TASK TO CARRY OUT =
Could you return every record below word for word, leaving out the pictures?

GIVEN RECORDS =

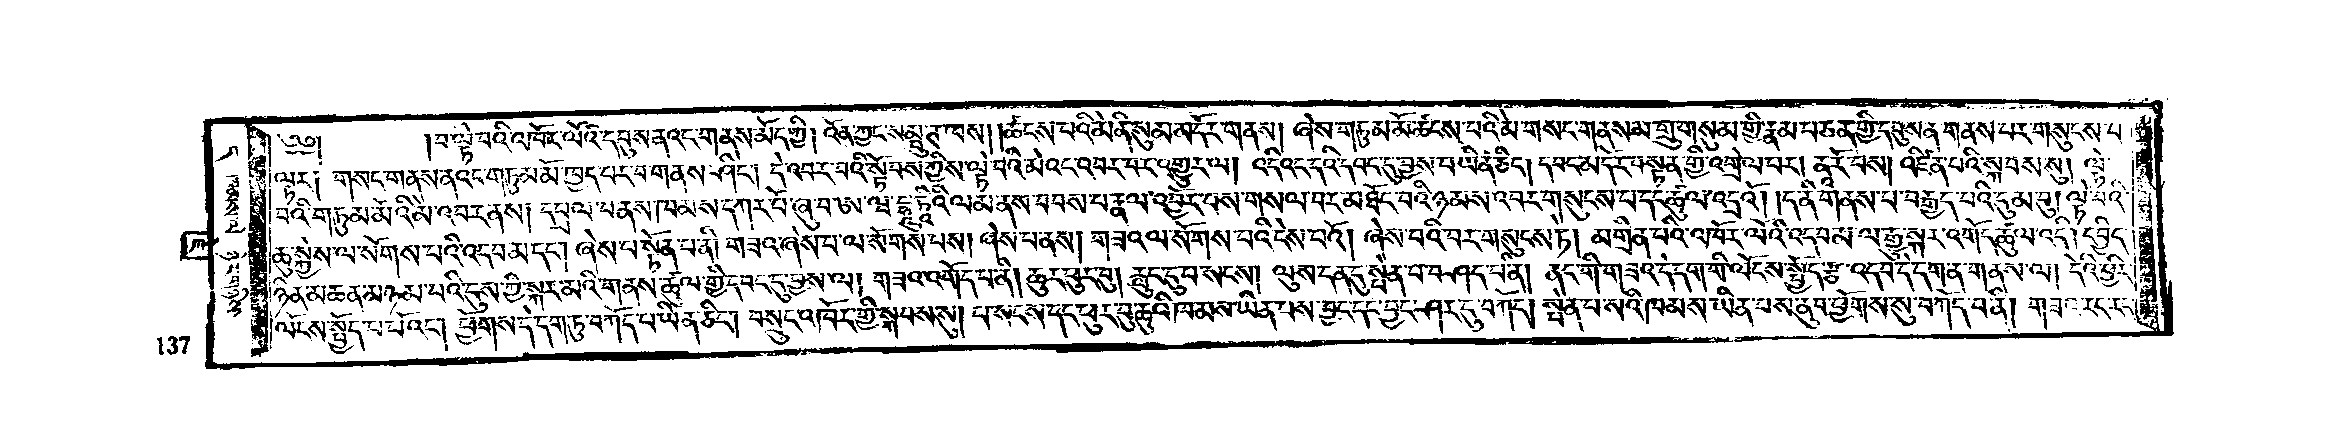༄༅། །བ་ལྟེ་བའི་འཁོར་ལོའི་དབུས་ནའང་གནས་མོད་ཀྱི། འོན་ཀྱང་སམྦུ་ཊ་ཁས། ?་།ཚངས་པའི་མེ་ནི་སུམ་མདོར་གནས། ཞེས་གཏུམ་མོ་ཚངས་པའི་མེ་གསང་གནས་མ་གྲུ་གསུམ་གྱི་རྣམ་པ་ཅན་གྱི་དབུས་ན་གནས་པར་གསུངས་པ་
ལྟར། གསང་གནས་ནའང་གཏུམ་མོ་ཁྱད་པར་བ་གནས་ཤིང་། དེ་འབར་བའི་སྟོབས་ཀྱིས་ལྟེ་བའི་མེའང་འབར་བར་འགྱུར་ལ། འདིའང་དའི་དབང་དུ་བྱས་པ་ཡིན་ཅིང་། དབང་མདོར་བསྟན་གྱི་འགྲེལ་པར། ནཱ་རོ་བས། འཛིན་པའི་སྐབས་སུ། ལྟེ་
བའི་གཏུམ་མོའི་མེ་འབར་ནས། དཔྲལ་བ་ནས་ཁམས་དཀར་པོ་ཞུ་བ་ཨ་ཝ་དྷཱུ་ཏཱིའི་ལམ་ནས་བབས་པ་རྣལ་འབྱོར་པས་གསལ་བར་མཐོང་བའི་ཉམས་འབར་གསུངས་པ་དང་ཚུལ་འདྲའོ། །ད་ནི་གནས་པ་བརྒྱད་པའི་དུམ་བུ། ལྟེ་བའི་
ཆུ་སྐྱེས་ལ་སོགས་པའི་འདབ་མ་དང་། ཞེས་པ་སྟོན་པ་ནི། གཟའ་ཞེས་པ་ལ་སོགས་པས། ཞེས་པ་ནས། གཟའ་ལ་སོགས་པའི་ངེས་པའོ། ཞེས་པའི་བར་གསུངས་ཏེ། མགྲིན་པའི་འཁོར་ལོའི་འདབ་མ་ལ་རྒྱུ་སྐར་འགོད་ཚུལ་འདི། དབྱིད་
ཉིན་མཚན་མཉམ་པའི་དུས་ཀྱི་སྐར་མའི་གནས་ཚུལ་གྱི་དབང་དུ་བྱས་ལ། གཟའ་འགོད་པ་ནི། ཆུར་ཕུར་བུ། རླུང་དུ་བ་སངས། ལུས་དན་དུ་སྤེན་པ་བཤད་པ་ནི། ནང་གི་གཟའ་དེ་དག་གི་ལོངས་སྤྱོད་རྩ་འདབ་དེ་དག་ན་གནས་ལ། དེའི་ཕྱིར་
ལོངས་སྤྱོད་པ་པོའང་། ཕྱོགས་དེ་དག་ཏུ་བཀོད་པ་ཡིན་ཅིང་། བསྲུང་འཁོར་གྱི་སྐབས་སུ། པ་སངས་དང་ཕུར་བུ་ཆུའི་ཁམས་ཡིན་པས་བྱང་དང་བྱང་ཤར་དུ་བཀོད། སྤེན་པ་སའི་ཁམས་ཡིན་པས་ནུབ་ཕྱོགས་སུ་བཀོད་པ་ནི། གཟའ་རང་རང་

SOLUTION =
༄༅། །བ་ལྟེ་བའི་འཁོར་ལོའི་དབུས་ནའང་གནས་མོད་ཀྱི། འོན་ཀྱང་སམྦུ་ཊ་ཁས། ?་།ཚངས་པའི་མེ་ནི་སུམ་མདོར་གནས། ཞེས་གཏུམ་མོ་ཚངས་པའི་མེ་གསང་གནས་མ་གྲུ་གསུམ་གྱི་རྣམ་པ་ཅན་གྱི་དབུས་ན་གནས་པར་གསུངས་པ་
ལྟར། གསང་གནས་ནའང་གཏུམ་མོ་ཁྱད་པར་བ་གནས་ཤིང་། དེ་འབར་བའི་སྟོབས་ཀྱིས་ལྟེ་བའི་མེའང་འབར་བར་འགྱུར་ལ། འདིའང་དའི་དབང་དུ་བྱས་པ་ཡིན་ཅིང་། དབང་མདོར་བསྟན་གྱི་འགྲེལ་པར། ནཱ་རོ་བས། འཛིན་པའི་སྐབས་སུ། ལྟེ་
བའི་གཏུམ་མོའི་མེ་འབར་ནས། དཔྲལ་བ་ནས་ཁམས་དཀར་པོ་ཞུ་བ་ཨ་ཝ་དྷཱུ་ཏཱིའི་ལམ་ནས་བབས་པ་རྣལ་འབྱོར་པས་གསལ་བར་མཐོང་བའི་ཉམས་འབར་གསུངས་པ་དང་ཚུལ་འདྲའོ། །ད་ནི་གནས་པ་བརྒྱད་པའི་དུམ་བུ། ལྟེ་བའི་
ཆུ་སྐྱེས་ལ་སོགས་པའི་འདབ་མ་དང་། ཞེས་པ་སྟོན་པ་ནི། གཟའ་ཞེས་པ་ལ་སོགས་པས། ཞེས་པ་ནས། གཟའ་ལ་སོགས་པའི་ངེས་པའོ། ཞེས་པའི་བར་གསུངས་ཏེ། མགྲིན་པའི་འཁོར་ལོའི་འདབ་མ་ལ་རྒྱུ་སྐར་འགོད་ཚུལ་འདི། དབྱིད་
ཉིན་མཚན་མཉམ་པའི་དུས་ཀྱི་སྐར་མའི་གནས་ཚུལ་གྱི་དབང་དུ་བྱས་ལ། གཟའ་འགོད་པ་ནི། ཆུར་ཕུར་བུ། རླུང་དུ་བ་སངས། ལུས་དན་དུ་སྤེན་པ་བཤད་པ་ནི། ནང་གི་གཟའ་དེ་དག་གི་ལོངས་སྤྱོད་རྩ་འདབ་དེ་དག་ན་གནས་ལ། དེའི་ཕྱིར་
ལོངས་སྤྱོད་པ་པོའང་། ཕྱོགས་དེ་དག་ཏུ་བཀོད་པ་ཡིན་ཅིང་། བསྲུང་འཁོར་གྱི་སྐབས་སུ། པ་སངས་དང་ཕུར་བུ་ཆུའི་ཁམས་ཡིན་པས་བྱང་དང་བྱང་ཤར་དུ་བཀོད། སྤེན་པ་སའི་ཁམས་ཡིན་པས་ནུབ་ཕྱོགས་སུ་བཀོད་པ་ནི། གཟའ་རང་རང་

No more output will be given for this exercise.